Global battery giant CATL intends to offer discount of lithium to EV OEMs to attract more commitment of orders, thereby fulfilling its ambition to vastly expand globally.

This is taking place at a time when lithium prices are expected to drop from last year’s historical high.

CATL is proposing a new pricing mechanism to some of its customers from the second half of this year, according to Reuters and local information providers.

Based on yet to be confirmed proposal, OEMs will be able to procedure 50% of batteries within their contracts with CATL at a price where lithium carbonate (battery grade) cost is 200,000 yuan/tonne ($29/kg), and the remaining 50% of batteries will be priced at spot market prices.

This new pricing mechanism is set under a condition that OEMs will purchase at least 80% of its cell demand from CATL in the first 3 years.

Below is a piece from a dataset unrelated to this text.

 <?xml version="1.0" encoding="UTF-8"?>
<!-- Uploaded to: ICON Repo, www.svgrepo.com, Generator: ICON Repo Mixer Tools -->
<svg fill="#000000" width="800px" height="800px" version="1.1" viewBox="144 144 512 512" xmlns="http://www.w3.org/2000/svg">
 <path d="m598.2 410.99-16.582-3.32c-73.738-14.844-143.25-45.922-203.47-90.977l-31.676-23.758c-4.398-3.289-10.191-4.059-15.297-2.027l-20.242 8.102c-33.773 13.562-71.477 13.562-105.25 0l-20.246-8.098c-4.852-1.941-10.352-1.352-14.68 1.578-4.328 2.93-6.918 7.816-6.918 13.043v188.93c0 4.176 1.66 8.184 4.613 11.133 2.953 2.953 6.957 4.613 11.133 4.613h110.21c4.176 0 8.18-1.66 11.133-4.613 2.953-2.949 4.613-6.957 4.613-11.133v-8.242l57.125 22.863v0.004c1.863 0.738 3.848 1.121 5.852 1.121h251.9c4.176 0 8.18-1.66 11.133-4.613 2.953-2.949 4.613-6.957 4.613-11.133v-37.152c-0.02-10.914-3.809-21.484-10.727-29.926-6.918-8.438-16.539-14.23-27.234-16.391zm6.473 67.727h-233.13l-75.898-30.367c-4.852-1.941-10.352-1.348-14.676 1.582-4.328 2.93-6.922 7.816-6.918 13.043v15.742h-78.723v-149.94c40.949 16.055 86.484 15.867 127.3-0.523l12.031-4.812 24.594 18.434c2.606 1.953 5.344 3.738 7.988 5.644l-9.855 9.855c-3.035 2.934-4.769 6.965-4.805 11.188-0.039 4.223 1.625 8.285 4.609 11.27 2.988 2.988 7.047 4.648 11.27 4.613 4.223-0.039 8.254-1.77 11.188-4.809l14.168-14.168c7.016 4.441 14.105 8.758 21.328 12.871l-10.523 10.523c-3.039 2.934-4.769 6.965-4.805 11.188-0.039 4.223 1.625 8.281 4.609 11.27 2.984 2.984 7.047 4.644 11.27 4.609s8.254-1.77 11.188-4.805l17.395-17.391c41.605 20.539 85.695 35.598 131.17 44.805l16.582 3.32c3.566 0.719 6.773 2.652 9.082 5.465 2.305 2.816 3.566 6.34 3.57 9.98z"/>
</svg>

Rystad Energy understands this proposed discount on lithium in the pricing mechanism reflects the over-supplied battery markets in China with domestic cell production hits a 60% surplus in 2022.

In fact, China has already started to fulfil the demand of other regions where supply is yet to be met by local suppliers.

This new pricing mechanism is proposed as the battery supply chain aims to destock both lithium materials and battery supply aspects this year.

The domestic Chinese battery-grade lithium carbonate price was 486,000 yuan per tonne in January this year, down by 18% from the record high at 593,000 yuan per tonne in November 2022.

However, the current price is still 40% higher compared to the same period last year.

It is estimated that the lithium carbonate price in China will drop by 40% in 4Q from the current spot level.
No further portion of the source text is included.